WEDNESDAY, April 16 (HealthDay News) -- Doctors may some day be
able to diagnose lung cancer with nothing more than a quick swab of
the mouth, a new study suggests.
Oral cavity tissue damage -- at the molecular level -- appears
to be a highly accurate indicator of similar lung tissue damage
following long-term exposure to tobacco carcinogens, the
researchers said. The prospect of such a novel diagnostic technique
raises hope for a faster, easier and much less painful means to
diagnosis lung cancer, they added.
"We tried to figure out whether oral cells mimic or reflect
tobacco-induced damage in the lung," said study senior author Dr.

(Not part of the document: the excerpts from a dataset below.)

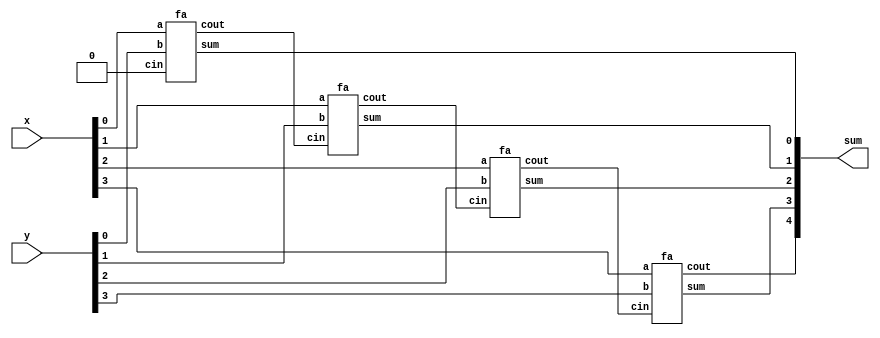
module top_module (
    input [3:0] x,
    input [3:0] y, 
    output [4:0] sum);

    wire [4:0] carry;
    assign carry[0] = 0;
    genvar i;
    generate
    	for (i=0; i<4; i=i+1) begin: fadderid
            fa fainst( x[i], y[i], carry[i], carry[i+1], sum[i]);
    	end
    endgenerate
    assign sum[4] = carry[4];
endmodule

// 1 bit Full adder module
module fa( 
    input a, b, cin,
    output cout, sum );
	assign sum = a ^ b ^ cin;
    assign cout = (a & b) | (b & cin) | (a & cin);
endmodule
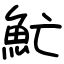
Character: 䰶
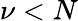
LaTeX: \nu<N
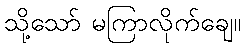
သို့သော် မကြာလိုက်ချေ။
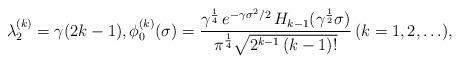
LaTeX: \begin{align*}\lambda_2^{(k)} = \gamma (2k-1), \phi_0^{(k)}(\sigma) = \frac{\gamma^{\frac 14} \, e^{-\gamma \sigma^2/2}\, H_{k-1}(\gamma^{\frac 12} \sigma)}{\pi^{\frac 14} \sqrt{ 2^{k-1}\, (k-1)! }}\, (k = 1,2,\ldots),\end{align*}
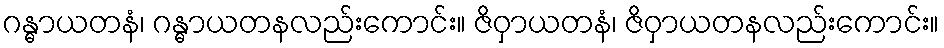
ဂန္ဓာယတနံ၊ ဂန္ဓာယတနလည်းကောင်း။ ဇိဝှာယတနံ၊ ဇိဝှာယတနလည်းကောင်း။
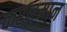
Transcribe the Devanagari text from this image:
करनमान
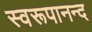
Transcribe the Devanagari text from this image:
स्वरूपानन्द
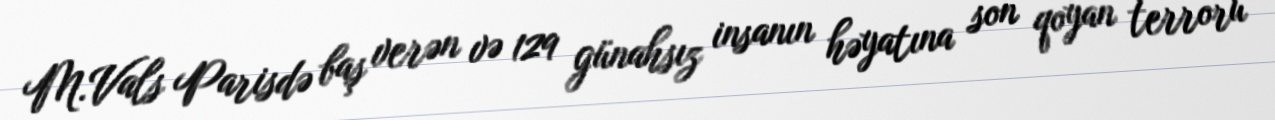
M.Vals Parisdə baş verən və 129 günahsız insanın həyatına son qoyan terroru
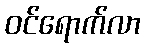
ဝင်ရောက်လာ
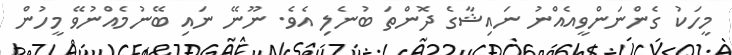
މީހަކު ގެންނަންވީއެއްނު ނައިޝާގެ ދޮންތަ ބުނެލި އެވެ. ނޫނޭ ނައި ބޭނުމެއްނުވޭ މީހުން
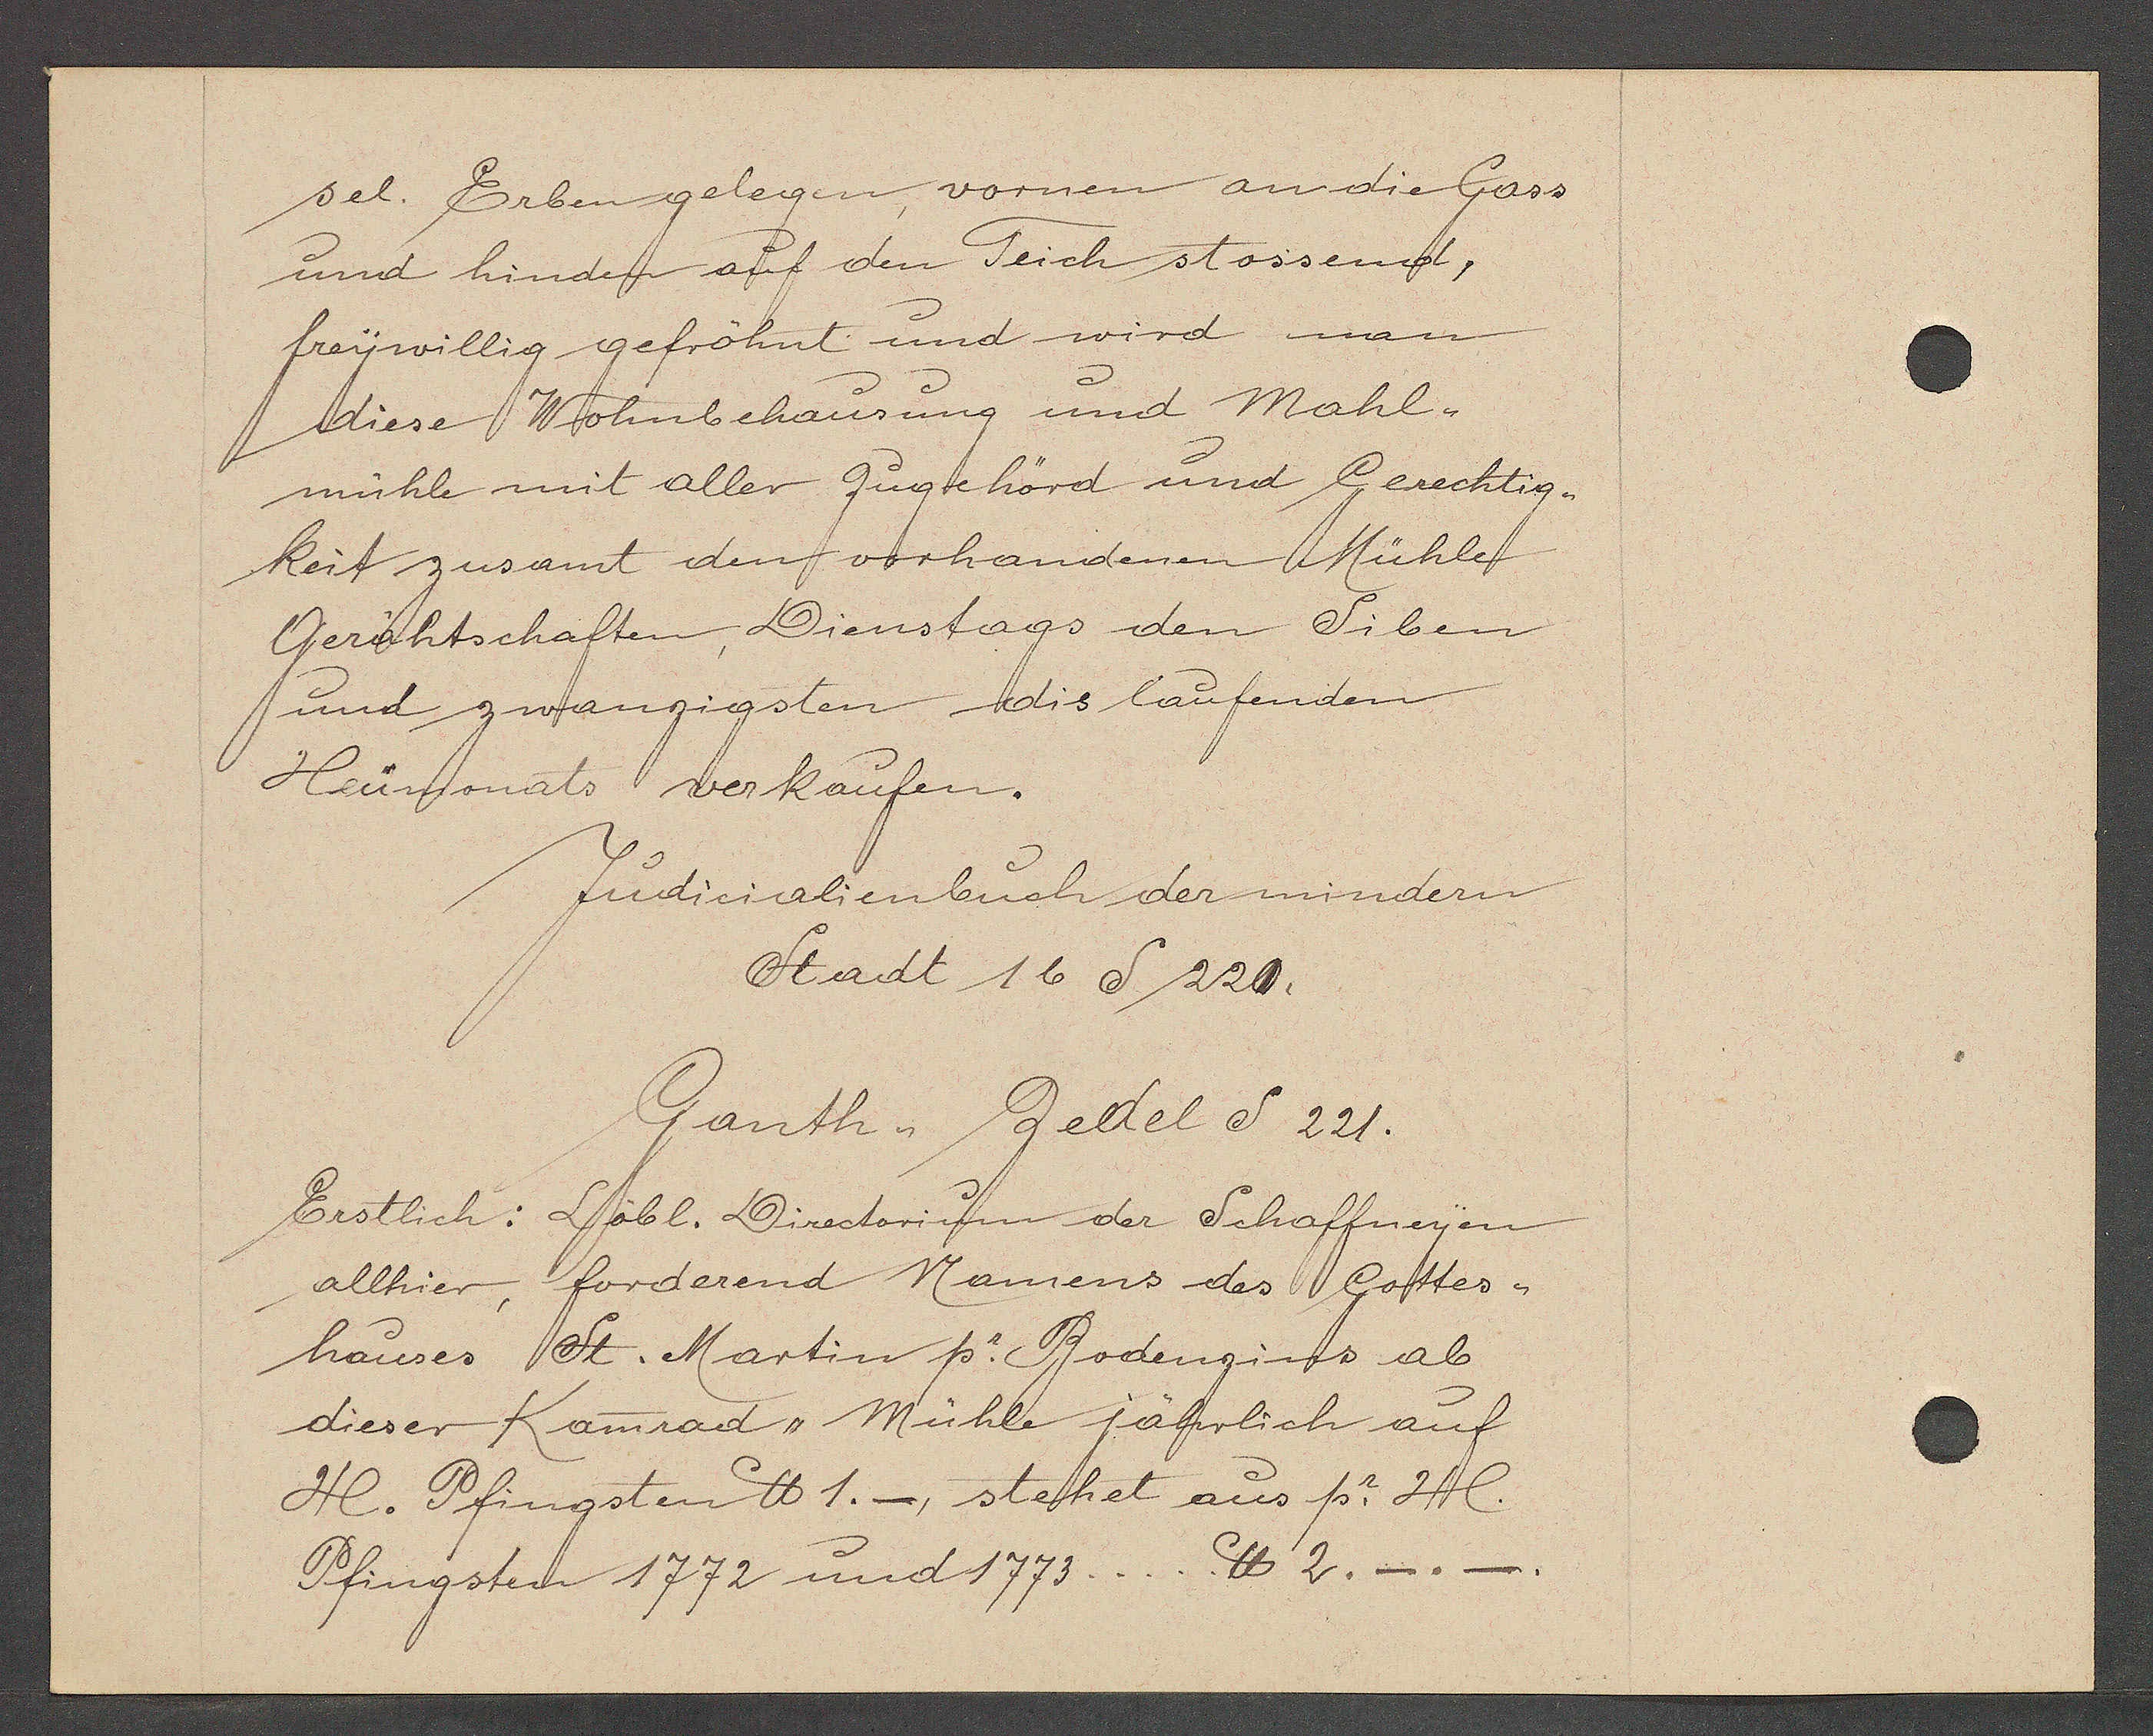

Li Mao, a professor of thoracic/head and neck medical oncology, as
well as systems biology, at the University of Texas M.D. Anderson
Cancer Center in Houston. "And what we found is that more than 90
percent of the time you see the same abnormalities in oral cells
that you see in lung tissue."
Mao discussed his findings during a Wednesday teleconference at
the American Association for Cancer Research annual meeting, in San
Diego.
Following Mao's presentation, the results of other studies
concerning similar diagnostic advances in other fields of cancer
research were presented.
Researchers from Henry Ford Hospital in Detroit said that an
analysis of DNA extracted from saliva might ultimately enable
physicians to detect early signs of head and neck squamous cell
carcinoma -- a disease that currently affects 40,000 Americans.
Scientists from the Dana-Farber Cancer Institute in Boston
provided evidence that fallopian tube tissue -- rather than ovarian
surface cells -- could be the source for half of all cases of
sporadic and hereditary serous carcinoma, the most aggressive form
of ovarian cancer. The finding could lead to earlier detection of a
disease that currently affects about 200,000 women worldwide.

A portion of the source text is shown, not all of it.